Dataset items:
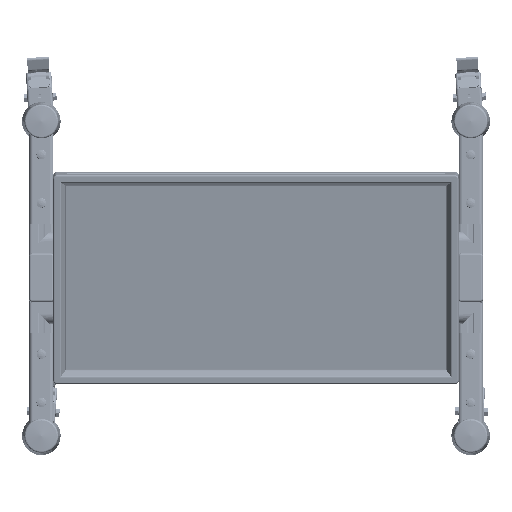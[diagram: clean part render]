
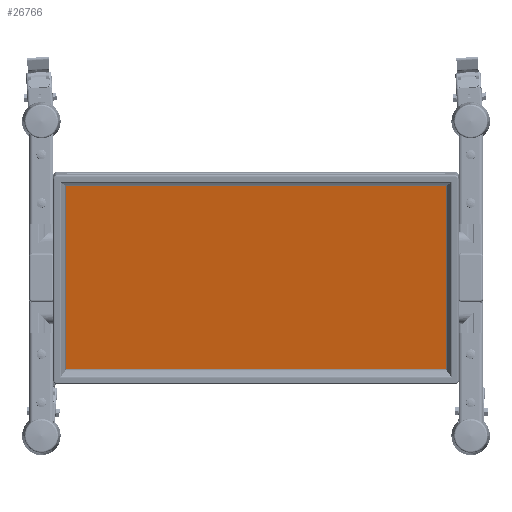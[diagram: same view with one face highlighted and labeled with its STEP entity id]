
A CAD part, top view. The second image highlights one B-rep face of the part: STEP entity #26766.
In plain terms, the highlighted face is planar.
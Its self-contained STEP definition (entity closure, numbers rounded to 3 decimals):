
#26766=ADVANCED_FACE('',(#34847),#34848,.T.);
#34847=FACE_OUTER_BOUND('',#44605,.T.);
#34848=PLANE('',#44606);
#44605=EDGE_LOOP('',(#58430,#58431,#58432,#58433));
#44606=AXIS2_PLACEMENT_3D('',#58434,#58435,#58436);
#58430=ORIENTED_EDGE('',*,*,#80800,.F.);
#58431=ORIENTED_EDGE('',*,*,#80803,.F.);
#58432=ORIENTED_EDGE('',*,*,#80795,.F.);
#58433=ORIENTED_EDGE('',*,*,#80791,.F.);
#58434=CARTESIAN_POINT('',(0.0,0.0,2.0));
#58435=DIRECTION('',(0.0,0.0,1.0));
#58436=DIRECTION('',(1.0,0.0,0.0));
#80791=EDGE_CURVE('',#92662,#92664,#92665,.T.);
#80795=EDGE_CURVE('',#92664,#92670,#92671,.T.);
#80800=EDGE_CURVE('',#92677,#92662,#92679,.T.);
#80803=EDGE_CURVE('',#92670,#92677,#92682,.T.);
#92662=VERTEX_POINT('',#110724);
#92664=VERTEX_POINT('',#110727);
#92665=LINE('',#110728,#110729);
#92670=VERTEX_POINT('',#110736);
#92671=LINE('',#110737,#110738);
#92677=VERTEX_POINT('',#110746);
#92679=LINE('',#110749,#110750);
#92682=LINE('',#110754,#110755);
#110724=CARTESIAN_POINT('',(-322.0,-162.0,2.0));
#110727=CARTESIAN_POINT('',(-322.0,162.0,2.0));
#110728=CARTESIAN_POINT('',(-322.0,0.0,2.0));
#110729=VECTOR('',#130759,1.0);
#110736=CARTESIAN_POINT('',(322.0,162.0,2.0));
#110737=CARTESIAN_POINT('',(0.0,162.0,2.0));
#110738=VECTOR('',#130762,1.0);
#110746=CARTESIAN_POINT('',(322.0,-162.0,2.0));
#110749=CARTESIAN_POINT('',(0.0,-162.0,2.0));
#110750=VECTOR('',#130766,1.0);
#110754=CARTESIAN_POINT('',(322.0,0.0,2.0));
#110755=VECTOR('',#130768,1.0);
#130759=DIRECTION('',(0.0,1.0,0.0));
#130762=DIRECTION('',(1.0,0.0,0.0));
#130766=DIRECTION('',(-1.0,0.0,0.0));
#130768=DIRECTION('',(0.0,-1.0,0.0));

GOAL OF THE EXERCISE: Transcribe the records above exactly, beginning at the line that contains "#34847=FACE_OUTER_BOUND('',#44605,.T.);" and ending with the line that contains "#92671=LINE('',#110737,#110738);", both included, and nothing else.

SOLUTION TO THIS TASK:
#34847=FACE_OUTER_BOUND('',#44605,.T.);
#34848=PLANE('',#44606);
#44605=EDGE_LOOP('',(#58430,#58431,#58432,#58433));
#44606=AXIS2_PLACEMENT_3D('',#58434,#58435,#58436);
#58430=ORIENTED_EDGE('',*,*,#80800,.F.);
#58431=ORIENTED_EDGE('',*,*,#80803,.F.);
#58432=ORIENTED_EDGE('',*,*,#80795,.F.);
#58433=ORIENTED_EDGE('',*,*,#80791,.F.);
#58434=CARTESIAN_POINT('',(0.0,0.0,2.0));
#58435=DIRECTION('',(0.0,0.0,1.0));
#58436=DIRECTION('',(1.0,0.0,0.0));
#80791=EDGE_CURVE('',#92662,#92664,#92665,.T.);
#80795=EDGE_CURVE('',#92664,#92670,#92671,.T.);
#80800=EDGE_CURVE('',#92677,#92662,#92679,.T.);
#80803=EDGE_CURVE('',#92670,#92677,#92682,.T.);
#92662=VERTEX_POINT('',#110724);
#92664=VERTEX_POINT('',#110727);
#92665=LINE('',#110728,#110729);
#92670=VERTEX_POINT('',#110736);
#92671=LINE('',#110737,#110738);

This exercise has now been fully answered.